[Stored entries]
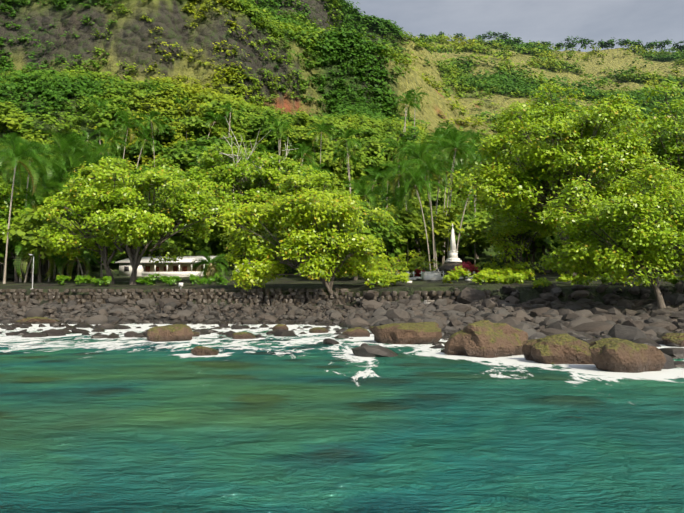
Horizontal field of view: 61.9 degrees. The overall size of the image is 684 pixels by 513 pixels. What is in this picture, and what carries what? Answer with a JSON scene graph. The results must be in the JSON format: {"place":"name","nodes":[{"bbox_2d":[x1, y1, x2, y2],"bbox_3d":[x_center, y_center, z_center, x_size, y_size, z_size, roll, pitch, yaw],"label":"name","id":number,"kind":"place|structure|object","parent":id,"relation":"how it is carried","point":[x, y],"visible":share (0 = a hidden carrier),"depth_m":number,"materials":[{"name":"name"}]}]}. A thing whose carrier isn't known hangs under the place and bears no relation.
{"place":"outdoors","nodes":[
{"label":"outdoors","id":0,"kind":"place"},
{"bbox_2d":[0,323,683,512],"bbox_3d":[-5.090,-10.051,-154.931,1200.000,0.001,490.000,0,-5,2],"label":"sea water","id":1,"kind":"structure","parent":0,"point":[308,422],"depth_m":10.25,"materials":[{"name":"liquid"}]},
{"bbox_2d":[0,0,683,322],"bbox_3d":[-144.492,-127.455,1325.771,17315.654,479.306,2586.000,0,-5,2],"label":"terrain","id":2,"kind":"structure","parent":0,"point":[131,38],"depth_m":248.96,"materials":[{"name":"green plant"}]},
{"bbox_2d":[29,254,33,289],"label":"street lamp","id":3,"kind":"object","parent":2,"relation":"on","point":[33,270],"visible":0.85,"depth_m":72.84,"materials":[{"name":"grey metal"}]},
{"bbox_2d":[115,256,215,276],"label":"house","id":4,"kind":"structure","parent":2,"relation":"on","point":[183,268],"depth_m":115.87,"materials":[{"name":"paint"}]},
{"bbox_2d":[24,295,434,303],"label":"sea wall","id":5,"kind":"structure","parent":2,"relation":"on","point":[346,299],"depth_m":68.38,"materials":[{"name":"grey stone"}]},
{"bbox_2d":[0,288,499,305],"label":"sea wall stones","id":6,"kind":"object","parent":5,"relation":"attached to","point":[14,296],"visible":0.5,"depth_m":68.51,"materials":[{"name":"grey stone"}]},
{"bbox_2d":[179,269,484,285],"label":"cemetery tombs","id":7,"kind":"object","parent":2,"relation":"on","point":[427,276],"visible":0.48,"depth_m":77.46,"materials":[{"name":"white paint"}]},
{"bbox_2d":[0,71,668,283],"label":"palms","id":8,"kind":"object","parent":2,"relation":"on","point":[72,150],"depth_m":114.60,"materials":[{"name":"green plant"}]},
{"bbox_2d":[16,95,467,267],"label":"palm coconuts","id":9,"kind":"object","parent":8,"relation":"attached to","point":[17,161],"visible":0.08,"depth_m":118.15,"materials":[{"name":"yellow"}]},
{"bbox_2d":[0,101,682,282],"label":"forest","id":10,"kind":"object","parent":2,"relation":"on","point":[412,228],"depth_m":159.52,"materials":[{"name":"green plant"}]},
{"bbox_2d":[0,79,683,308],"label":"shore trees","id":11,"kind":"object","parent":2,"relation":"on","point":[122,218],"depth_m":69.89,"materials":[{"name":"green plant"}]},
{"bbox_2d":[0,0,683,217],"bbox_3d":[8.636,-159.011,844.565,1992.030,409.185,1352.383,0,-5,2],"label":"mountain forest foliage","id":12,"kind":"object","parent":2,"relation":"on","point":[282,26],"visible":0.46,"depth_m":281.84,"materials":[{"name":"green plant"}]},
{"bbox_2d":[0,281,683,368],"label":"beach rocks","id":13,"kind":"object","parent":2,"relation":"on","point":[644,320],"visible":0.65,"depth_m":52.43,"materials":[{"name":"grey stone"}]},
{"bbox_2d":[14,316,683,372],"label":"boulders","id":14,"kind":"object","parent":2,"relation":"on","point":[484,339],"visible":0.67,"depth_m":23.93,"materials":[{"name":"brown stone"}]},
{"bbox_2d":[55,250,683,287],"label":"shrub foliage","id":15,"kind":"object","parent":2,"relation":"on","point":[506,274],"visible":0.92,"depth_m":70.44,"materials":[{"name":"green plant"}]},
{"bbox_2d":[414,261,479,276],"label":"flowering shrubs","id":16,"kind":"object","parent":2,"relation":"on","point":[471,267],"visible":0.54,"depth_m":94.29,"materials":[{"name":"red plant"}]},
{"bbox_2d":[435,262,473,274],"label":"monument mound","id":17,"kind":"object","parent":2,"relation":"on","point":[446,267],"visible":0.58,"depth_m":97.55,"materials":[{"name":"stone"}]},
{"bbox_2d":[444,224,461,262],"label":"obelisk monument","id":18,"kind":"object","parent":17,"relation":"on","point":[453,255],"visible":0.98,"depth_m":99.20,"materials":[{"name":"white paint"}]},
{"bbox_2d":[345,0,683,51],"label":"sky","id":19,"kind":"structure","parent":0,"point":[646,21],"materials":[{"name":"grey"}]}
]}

AIM OF THE TASK.
What is needed is an exact printout of all the entries, without the pictures.

RESPONSE TO THE EXERCISE.
Horizontal field of view: 61.9 degrees. The overall size of the image is 684 pixels by 513 pixels. What is in this picture, and what carries what? Answer with a JSON scene graph. The results must be in the JSON format: {"place":"name","nodes":[{"bbox_2d":[x1, y1, x2, y2],"bbox_3d":[x_center, y_center, z_center, x_size, y_size, z_size, roll, pitch, yaw],"label":"name","id":number,"kind":"place|structure|object","parent":id,"relation":"how it is carried","point":[x, y],"visible":share (0 = a hidden carrier),"depth_m":number,"materials":[{"name":"name"}]}]}. A thing whose carrier isn't known hangs under the place and bears no relation.
{"place":"outdoors","nodes":[
{"label":"outdoors","id":0,"kind":"place"},
{"bbox_2d":[0,323,683,512],"bbox_3d":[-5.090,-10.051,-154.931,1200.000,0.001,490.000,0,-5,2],"label":"sea water","id":1,"kind":"structure","parent":0,"point":[308,422],"depth_m":10.25,"materials":[{"name":"liquid"}]},
{"bbox_2d":[0,0,683,322],"bbox_3d":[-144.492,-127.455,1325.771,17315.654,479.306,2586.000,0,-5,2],"label":"terrain","id":2,"kind":"structure","parent":0,"point":[131,38],"depth_m":248.96,"materials":[{"name":"green plant"}]},
{"bbox_2d":[29,254,33,289],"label":"street lamp","id":3,"kind":"object","parent":2,"relation":"on","point":[33,270],"visible":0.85,"depth_m":72.84,"materials":[{"name":"grey metal"}]},
{"bbox_2d":[115,256,215,276],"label":"house","id":4,"kind":"structure","parent":2,"relation":"on","point":[183,268],"depth_m":115.87,"materials":[{"name":"paint"}]},
{"bbox_2d":[24,295,434,303],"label":"sea wall","id":5,"kind":"structure","parent":2,"relation":"on","point":[346,299],"depth_m":68.38,"materials":[{"name":"grey stone"}]},
{"bbox_2d":[0,288,499,305],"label":"sea wall stones","id":6,"kind":"object","parent":5,"relation":"attached to","point":[14,296],"visible":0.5,"depth_m":68.51,"materials":[{"name":"grey stone"}]},
{"bbox_2d":[179,269,484,285],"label":"cemetery tombs","id":7,"kind":"object","parent":2,"relation":"on","point":[427,276],"visible":0.48,"depth_m":77.46,"materials":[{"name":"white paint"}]},
{"bbox_2d":[0,71,668,283],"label":"palms","id":8,"kind":"object","parent":2,"relation":"on","point":[72,150],"depth_m":114.60,"materials":[{"name":"green plant"}]},
{"bbox_2d":[16,95,467,267],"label":"palm coconuts","id":9,"kind":"object","parent":8,"relation":"attached to","point":[17,161],"visible":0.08,"depth_m":118.15,"materials":[{"name":"yellow"}]},
{"bbox_2d":[0,101,682,282],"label":"forest","id":10,"kind":"object","parent":2,"relation":"on","point":[412,228],"depth_m":159.52,"materials":[{"name":"green plant"}]},
{"bbox_2d":[0,79,683,308],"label":"shore trees","id":11,"kind":"object","parent":2,"relation":"on","point":[122,218],"depth_m":69.89,"materials":[{"name":"green plant"}]},
{"bbox_2d":[0,0,683,217],"bbox_3d":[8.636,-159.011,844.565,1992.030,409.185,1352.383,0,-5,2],"label":"mountain forest foliage","id":12,"kind":"object","parent":2,"relation":"on","point":[282,26],"visible":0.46,"depth_m":281.84,"materials":[{"name":"green plant"}]},
{"bbox_2d":[0,281,683,368],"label":"beach rocks","id":13,"kind":"object","parent":2,"relation":"on","point":[644,320],"visible":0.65,"depth_m":52.43,"materials":[{"name":"grey stone"}]},
{"bbox_2d":[14,316,683,372],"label":"boulders","id":14,"kind":"object","parent":2,"relation":"on","point":[484,339],"visible":0.67,"depth_m":23.93,"materials":[{"name":"brown stone"}]},
{"bbox_2d":[55,250,683,287],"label":"shrub foliage","id":15,"kind":"object","parent":2,"relation":"on","point":[506,274],"visible":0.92,"depth_m":70.44,"materials":[{"name":"green plant"}]},
{"bbox_2d":[414,261,479,276],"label":"flowering shrubs","id":16,"kind":"object","parent":2,"relation":"on","point":[471,267],"visible":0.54,"depth_m":94.29,"materials":[{"name":"red plant"}]},
{"bbox_2d":[435,262,473,274],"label":"monument mound","id":17,"kind":"object","parent":2,"relation":"on","point":[446,267],"visible":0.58,"depth_m":97.55,"materials":[{"name":"stone"}]},
{"bbox_2d":[444,224,461,262],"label":"obelisk monument","id":18,"kind":"object","parent":17,"relation":"on","point":[453,255],"visible":0.98,"depth_m":99.20,"materials":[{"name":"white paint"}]},
{"bbox_2d":[345,0,683,51],"label":"sky","id":19,"kind":"structure","parent":0,"point":[646,21],"materials":[{"name":"grey"}]}
]}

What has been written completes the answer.